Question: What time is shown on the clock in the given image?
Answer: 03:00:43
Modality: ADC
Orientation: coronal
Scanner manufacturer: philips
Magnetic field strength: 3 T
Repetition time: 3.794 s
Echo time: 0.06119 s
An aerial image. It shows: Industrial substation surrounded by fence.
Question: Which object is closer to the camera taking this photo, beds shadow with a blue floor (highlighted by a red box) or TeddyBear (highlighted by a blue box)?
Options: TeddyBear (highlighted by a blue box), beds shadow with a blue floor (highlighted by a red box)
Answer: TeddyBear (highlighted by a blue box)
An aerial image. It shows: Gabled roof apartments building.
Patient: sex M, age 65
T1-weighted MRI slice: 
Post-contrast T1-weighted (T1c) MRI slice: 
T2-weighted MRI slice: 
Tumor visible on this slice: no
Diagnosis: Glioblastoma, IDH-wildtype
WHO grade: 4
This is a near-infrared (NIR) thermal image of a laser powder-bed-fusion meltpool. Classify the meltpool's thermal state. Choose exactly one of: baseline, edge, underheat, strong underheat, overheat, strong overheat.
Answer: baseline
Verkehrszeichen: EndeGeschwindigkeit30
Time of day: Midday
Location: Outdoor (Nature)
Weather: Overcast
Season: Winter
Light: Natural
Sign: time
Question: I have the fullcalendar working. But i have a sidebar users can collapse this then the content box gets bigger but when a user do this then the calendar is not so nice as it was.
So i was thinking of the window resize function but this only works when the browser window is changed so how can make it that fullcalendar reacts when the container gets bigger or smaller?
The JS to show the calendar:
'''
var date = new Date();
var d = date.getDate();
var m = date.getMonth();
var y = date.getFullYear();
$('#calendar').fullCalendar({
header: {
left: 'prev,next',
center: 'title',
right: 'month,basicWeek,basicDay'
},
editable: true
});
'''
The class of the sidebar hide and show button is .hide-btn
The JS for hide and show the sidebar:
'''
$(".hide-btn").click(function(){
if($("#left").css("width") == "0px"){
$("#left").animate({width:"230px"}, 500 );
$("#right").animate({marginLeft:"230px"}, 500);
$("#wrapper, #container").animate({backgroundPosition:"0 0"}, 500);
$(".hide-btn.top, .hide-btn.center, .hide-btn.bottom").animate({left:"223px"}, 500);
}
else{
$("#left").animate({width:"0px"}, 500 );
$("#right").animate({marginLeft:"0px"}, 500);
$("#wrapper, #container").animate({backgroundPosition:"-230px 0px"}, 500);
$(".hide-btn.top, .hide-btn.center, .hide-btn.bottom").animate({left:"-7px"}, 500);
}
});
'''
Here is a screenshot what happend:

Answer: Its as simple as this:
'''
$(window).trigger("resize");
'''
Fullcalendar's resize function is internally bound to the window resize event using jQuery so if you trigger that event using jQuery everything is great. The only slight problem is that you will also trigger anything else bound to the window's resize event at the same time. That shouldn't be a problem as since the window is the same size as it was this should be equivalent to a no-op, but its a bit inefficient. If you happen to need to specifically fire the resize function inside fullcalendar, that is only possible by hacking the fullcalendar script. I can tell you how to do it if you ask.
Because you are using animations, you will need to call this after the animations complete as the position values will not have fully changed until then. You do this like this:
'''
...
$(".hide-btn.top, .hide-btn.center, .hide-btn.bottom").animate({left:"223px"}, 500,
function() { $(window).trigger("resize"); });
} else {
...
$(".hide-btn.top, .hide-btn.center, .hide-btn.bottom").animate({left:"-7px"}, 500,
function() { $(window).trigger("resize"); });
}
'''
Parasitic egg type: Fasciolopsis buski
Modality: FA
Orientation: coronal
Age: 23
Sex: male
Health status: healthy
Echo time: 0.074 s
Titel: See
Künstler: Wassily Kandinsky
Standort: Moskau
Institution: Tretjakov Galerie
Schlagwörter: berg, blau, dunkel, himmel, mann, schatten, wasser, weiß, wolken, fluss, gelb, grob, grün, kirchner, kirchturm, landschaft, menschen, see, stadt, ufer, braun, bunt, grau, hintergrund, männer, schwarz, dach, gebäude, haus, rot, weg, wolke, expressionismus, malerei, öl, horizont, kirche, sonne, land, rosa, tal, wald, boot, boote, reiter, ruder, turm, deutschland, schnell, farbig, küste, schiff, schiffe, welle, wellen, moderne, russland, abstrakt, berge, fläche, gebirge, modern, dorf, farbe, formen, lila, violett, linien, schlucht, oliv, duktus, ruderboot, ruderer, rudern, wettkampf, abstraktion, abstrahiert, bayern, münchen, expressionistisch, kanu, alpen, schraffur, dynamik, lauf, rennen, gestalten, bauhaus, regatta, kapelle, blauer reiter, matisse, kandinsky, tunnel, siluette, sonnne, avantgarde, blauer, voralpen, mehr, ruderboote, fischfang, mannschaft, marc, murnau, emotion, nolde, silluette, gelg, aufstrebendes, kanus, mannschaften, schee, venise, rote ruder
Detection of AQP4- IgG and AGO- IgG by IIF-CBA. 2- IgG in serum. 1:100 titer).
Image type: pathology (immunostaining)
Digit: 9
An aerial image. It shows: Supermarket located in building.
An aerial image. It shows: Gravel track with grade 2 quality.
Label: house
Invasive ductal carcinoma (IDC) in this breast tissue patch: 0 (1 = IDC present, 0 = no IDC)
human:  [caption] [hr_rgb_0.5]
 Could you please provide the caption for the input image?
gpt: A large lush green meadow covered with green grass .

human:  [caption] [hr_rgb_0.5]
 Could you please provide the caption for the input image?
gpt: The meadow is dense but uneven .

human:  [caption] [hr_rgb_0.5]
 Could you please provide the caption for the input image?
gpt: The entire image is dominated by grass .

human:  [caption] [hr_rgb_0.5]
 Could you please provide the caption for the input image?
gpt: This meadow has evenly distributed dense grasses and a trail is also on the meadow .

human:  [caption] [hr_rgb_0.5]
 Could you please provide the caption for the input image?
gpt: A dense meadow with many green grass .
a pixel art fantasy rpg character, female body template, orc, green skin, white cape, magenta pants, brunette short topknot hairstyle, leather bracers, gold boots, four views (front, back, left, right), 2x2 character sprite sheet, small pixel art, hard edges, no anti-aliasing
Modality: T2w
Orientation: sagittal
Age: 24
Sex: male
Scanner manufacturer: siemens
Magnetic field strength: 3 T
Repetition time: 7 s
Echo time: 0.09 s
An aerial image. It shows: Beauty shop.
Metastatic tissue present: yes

——————————

**Work request:** Write out the listing's lines exactly, from its first line through the line that contains "Light: Natural", and stop there.

**Result:**
Question: What time is shown on the clock in the given image?
Answer: 03:00:43
Modality: ADC
Orientation: coronal
Scanner manufacturer: philips
Magnetic field strength: 3 T
Repetition time: 3.794 s
Echo time: 0.06119 s
An aerial image. It shows: Industrial substation surrounded by fence.
Question: Which object is closer to the camera taking this photo, beds shadow with a blue floor (highlighted by a red box) or TeddyBear (highlighted by a blue box)?
Options: TeddyBear (highlighted by a blue box), beds shadow with a blue floor (highlighted by a red box)
Answer: TeddyBear (highlighted by a blue box)
An aerial image. It shows: Gabled roof apartments building.
Patient: sex M, age 65
T1-weighted MRI slice: 
Post-contrast T1-weighted (T1c) MRI slice: 
T2-weighted MRI slice: 
Tumor visible on this slice: no
Diagnosis: Glioblastoma, IDH-wildtype
WHO grade: 4
This is a near-infrared (NIR) thermal image of a laser powder-bed-fusion meltpool. Classify the meltpool's thermal state. Choose exactly one of: baseline, edge, underheat, strong underheat, overheat, strong overheat.
Answer: baseline
Verkehrszeichen: EndeGeschwindigkeit30
Time of day: Midday
Location: Outdoor (Nature)
Weather: Overcast
Season: Winter
Light: Natural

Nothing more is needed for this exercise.